Unfortunately ART’s lose in the details: memcached can store hundreds of millions of keys with similar prefixes, but vary by a number of digits at the end. This can lead to multiple hops around DRAM before locating an entry. Further, research into concurrency of such structures is sparse. Existing methods require locking at each stage of the lookup. Concurrent writes can cause full restarts of a lookup. By comparison memcached’s chained hash table requires a single mutex lock to make a lookup, and the hash calculation we were happy to avoid is done before any locks are even acquired.

There may be potential in the future; we’re keeping an eye on this space.

External reference counters

  • Theory: Looking up items requires writing to the refcount twice. Moving this to DRAM could save on perf. and device longevity.

  • Reality: Indirection is slow, 5% performance benefit at most. Possibly worth experimenting with.

screwed up refcounts

Since many items can be requested at the same time, hazard pointers and similar constructs would scale poorly for memcached. For the time being we are stuck with reference counting. Contrary to the ideas of some academic papers; the reference counters are not for locking or concurrency, but safety and correctness. Keys and values are copied to a client via scatter-gather networking. If a client is slow to read data, a long time can pass before an item’s memory is sent to a client. Without copy-on-write and reference counting, an item’s memory could be “deleted” and then re-used. The wrong data would then be sent to a client. A catastrophic bug.

One idea is if the keys and values of items are small enough there is a size cutoff point where simply copying the value into a buffer while the item is locked is faster than bumping the refcount twice. This is especially true as right now a full mutex lock is required to decrement the reference counter, though this may be fixed in the future.

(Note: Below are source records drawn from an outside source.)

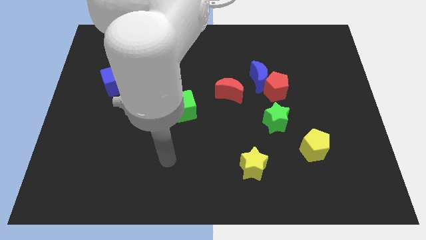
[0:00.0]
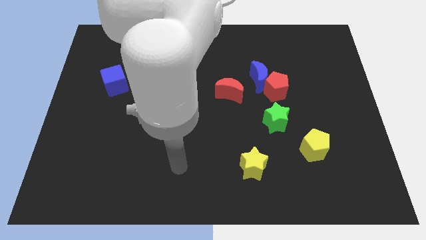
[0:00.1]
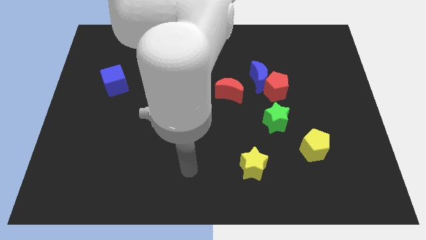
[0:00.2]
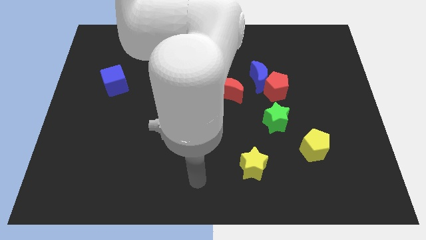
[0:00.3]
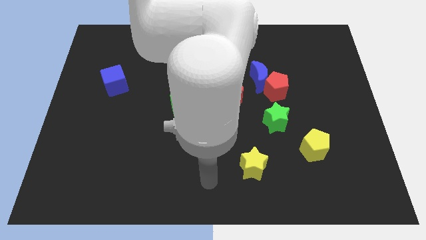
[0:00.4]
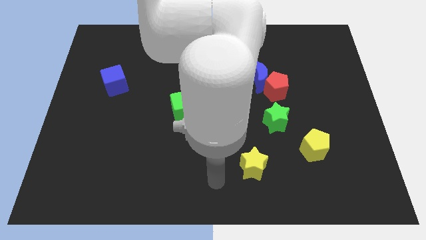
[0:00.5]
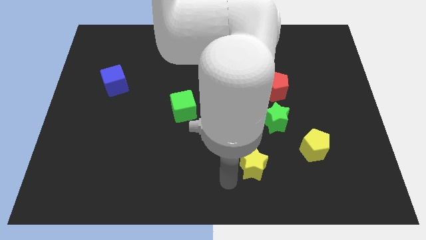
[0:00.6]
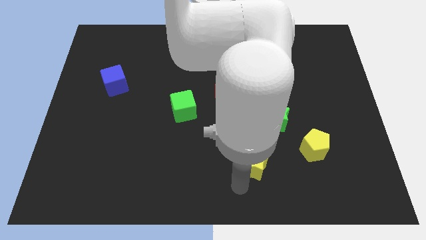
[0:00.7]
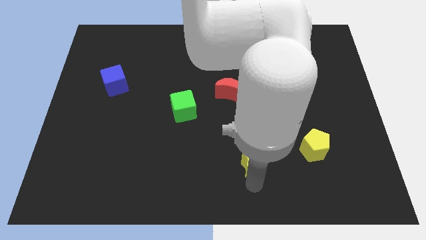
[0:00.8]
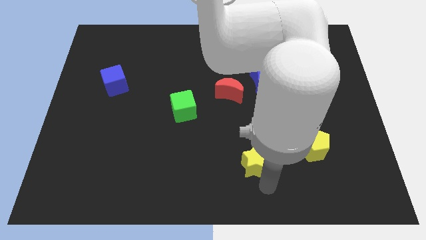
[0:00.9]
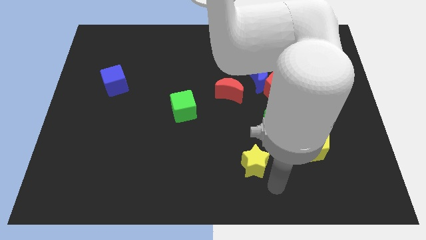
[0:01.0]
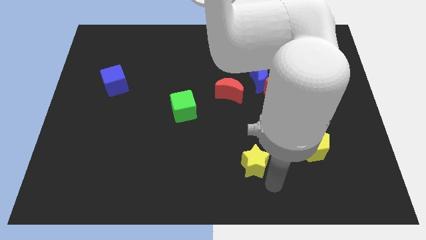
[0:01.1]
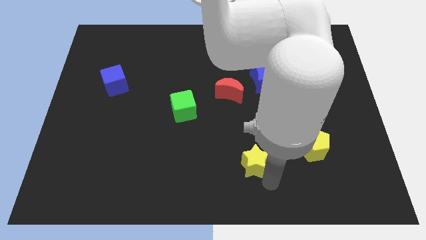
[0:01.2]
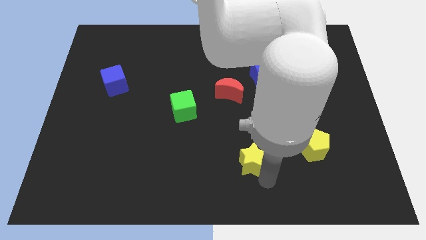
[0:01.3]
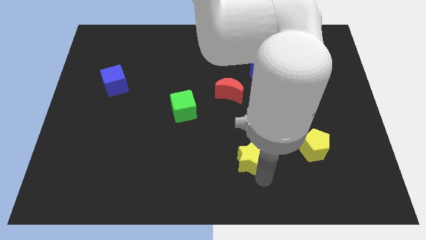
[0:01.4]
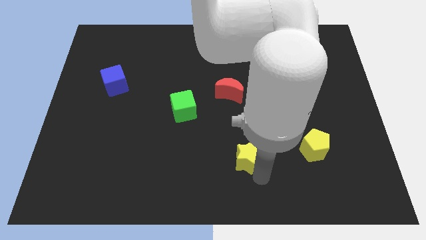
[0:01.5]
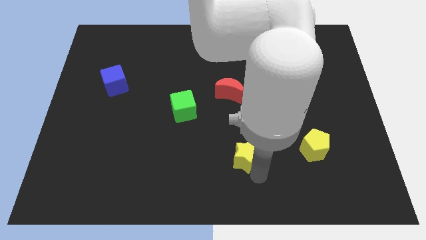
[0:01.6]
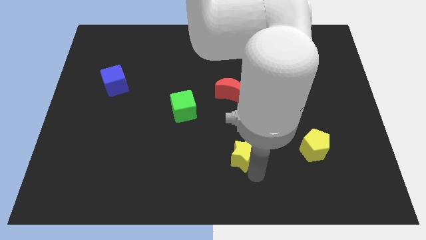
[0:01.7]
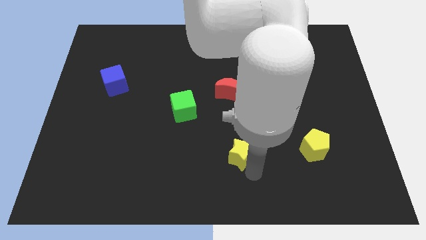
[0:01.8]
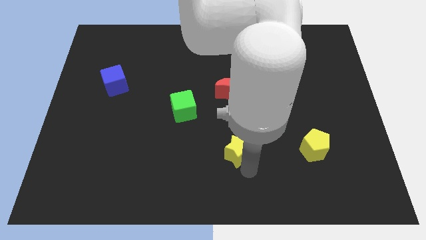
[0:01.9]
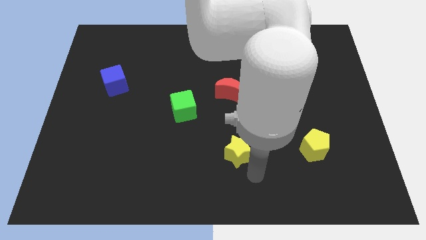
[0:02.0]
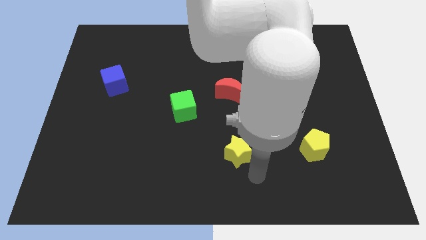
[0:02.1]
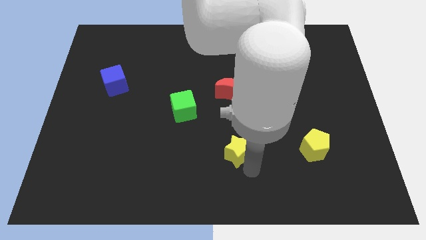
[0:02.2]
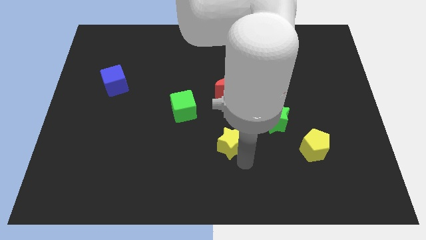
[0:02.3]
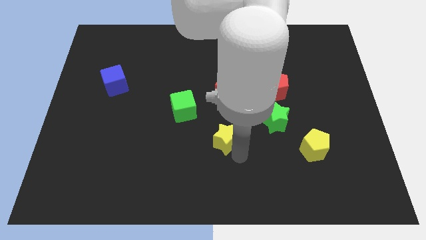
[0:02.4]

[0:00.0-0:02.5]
put the yellow star to the center of the board

Items do not carry their own mutexes: a separate smaller table of mutexes is checked and items with similar hash bits share mutexes. This table could be extended with an array of [POINTER,refcount] for each lock, expanded or contracted as necessary. If an item has no references, it would have no refcount memory. This could save two bytes per item.

This is a complex change, and the maximal impact is less than 5% performance and two bytes of memory. With an external reference counter we may be making more accesses to DRAM as well. In the end, an external reference counter in DRAM could be slower than accessing it inline to item metadata via PMEM.

Conclusions

The existing memcached works very well with PMEM. Improving performance will be challenging. Enough so that it might not be worth doing. This allows us to focus on features and stability without having to invest a lot of time in making the service “PMEM compatible”.

Still, we are early in the life of modern persistent memory. Currently our hashtable sits in RAM, but perhaps this could move into PMEM as well. Are there scenarios where even client connection buffers could simply use PMEM?

What other features have we been skipping or missing all this time just to save memory?